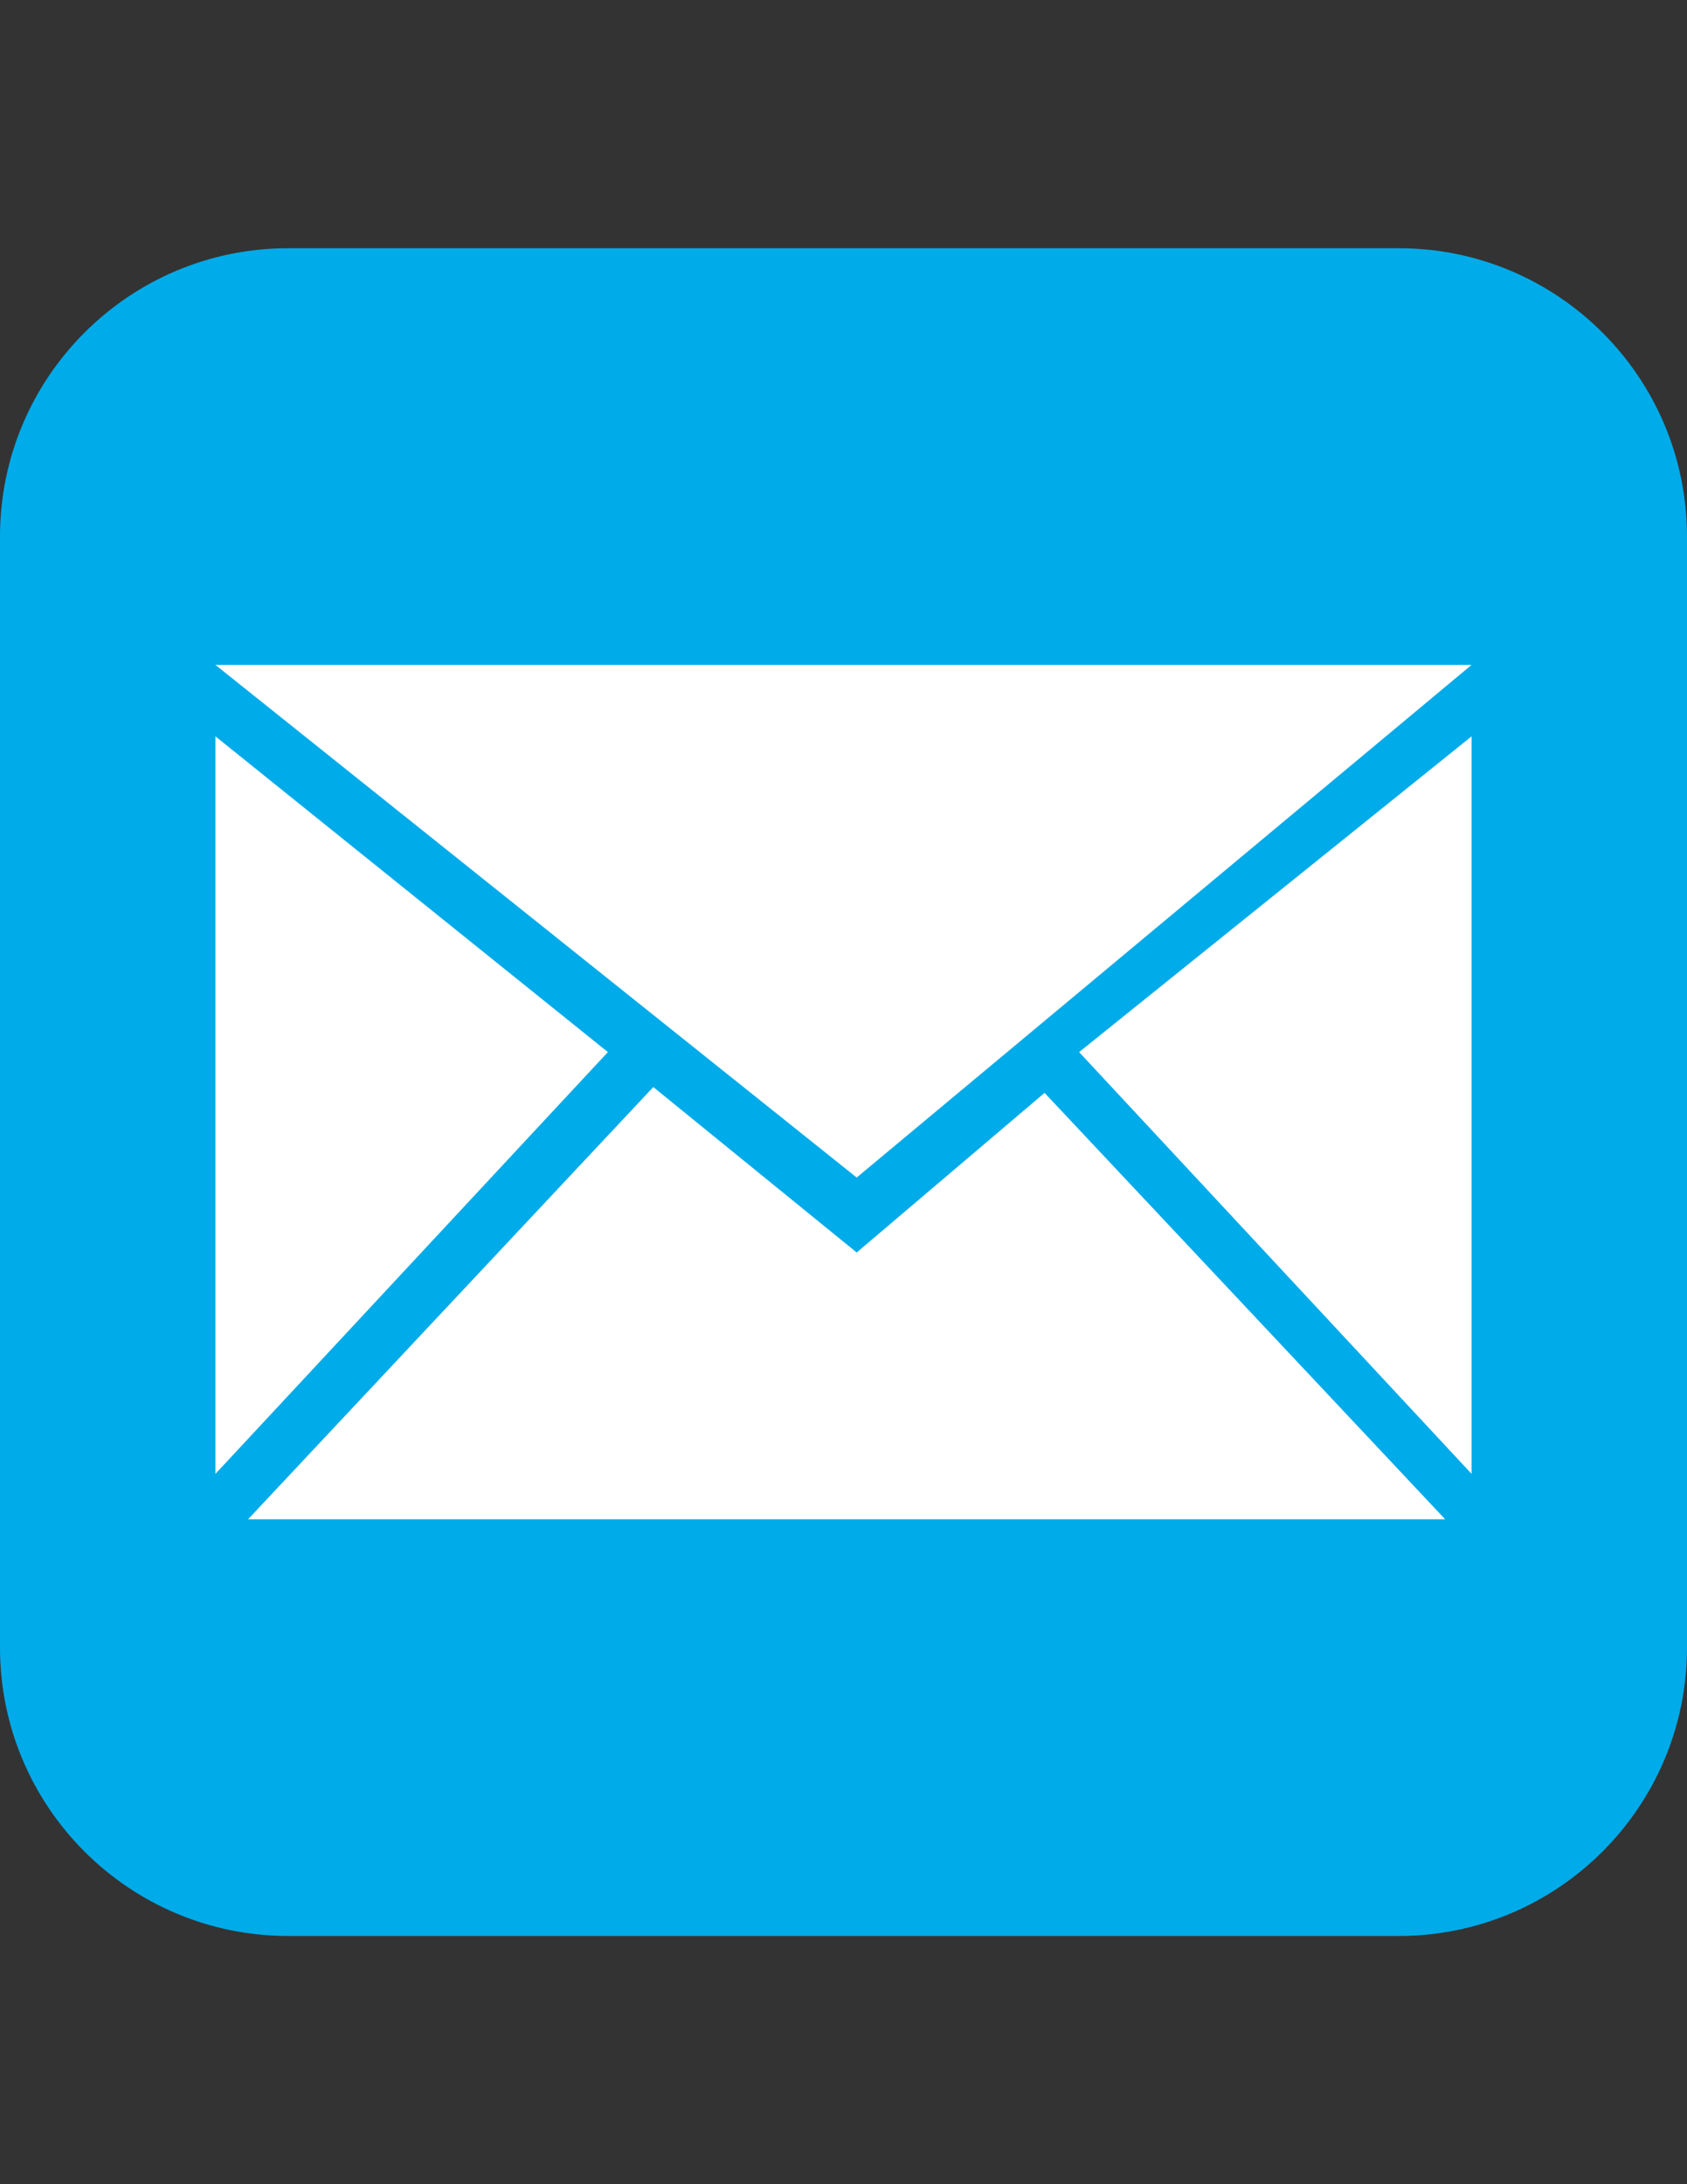 <?xml version="1.0" encoding="utf-8"?>
<!-- Generator: Adobe Illustrator 16.0.0, SVG Export Plug-In . SVG Version: 6.00 Build 0)  -->
<!DOCTYPE svg PUBLIC "-//W3C//DTD SVG 1.1//EN" "http://www.w3.org/Graphics/SVG/1.1/DTD/svg11.dtd">
<svg version="1.1" id="Capa_1" xmlns="http://www.w3.org/2000/svg" xmlns:xlink="http://www.w3.org/1999/xlink" x="0px" y="0px"
	 width="612px" height="792px" viewBox="0 0 612 792" enable-background="new 0 0 612 792" xml:space="preserve">
<rect x="0" y="0" width="612" height="792" fill="#333333" stroke="none"/>
<title>Logo panaplas</title>
<path fill="#00ABE9" d="M104.584,90h402.832C565.176,90,612,136.824,612,194.584v402.833C612,655.177,565.176,702,507.416,702
	H104.584C46.823,702,0,655.177,0,597.417V194.584C0,136.824,46.823,90,104.584,90z"/>
<g>
	<polygon fill="#FFFFFF" points="78.155,241.098 533.846,241.098 310.787,426.98 	"/>
	<polygon fill="#FFFFFF" points="533.846,267.009 533.846,534.427 391.477,381.495 	"/>
	<polygon fill="#FFFFFF" points="78.155,267.009 78.155,534.427 220.523,381.495 	"/>
	<polygon fill="#FFFFFF" points="89.984,550.902 524.27,550.902 378.944,396.281 310.787,454.159 236.998,394.168 	"/>
</g>
</svg>

Problem description =
Each entry is to be given again exactly as it stands, with its pictures removed.

Solution =
 <?xml version="1.0" encoding="utf-8"?>
<!-- Generator: Adobe Illustrator 16.0.0, SVG Export Plug-In . SVG Version: 6.00 Build 0)  -->
<!DOCTYPE svg PUBLIC "-//W3C//DTD SVG 1.1//EN" "http://www.w3.org/Graphics/SVG/1.1/DTD/svg11.dtd">
<svg version="1.1" id="Capa_1" xmlns="http://www.w3.org/2000/svg" xmlns:xlink="http://www.w3.org/1999/xlink" x="0px" y="0px"
	 width="612px" height="792px" viewBox="0 0 612 792" enable-background="new 0 0 612 792" xml:space="preserve">
<rect x="0" y="0" width="612" height="792" fill="#333333" stroke="none"/>
<title>Logo panaplas</title>
<path fill="#00ABE9" d="M104.584,90h402.832C565.176,90,612,136.824,612,194.584v402.833C612,655.177,565.176,702,507.416,702
	H104.584C46.823,702,0,655.177,0,597.417V194.584C0,136.824,46.823,90,104.584,90z"/>
<g>
	<polygon fill="#FFFFFF" points="78.155,241.098 533.846,241.098 310.787,426.98 	"/>
	<polygon fill="#FFFFFF" points="533.846,267.009 533.846,534.427 391.477,381.495 	"/>
	<polygon fill="#FFFFFF" points="78.155,267.009 78.155,534.427 220.523,381.495 	"/>
	<polygon fill="#FFFFFF" points="89.984,550.902 524.27,550.902 378.944,396.281 310.787,454.159 236.998,394.168 	"/>
</g>
</svg>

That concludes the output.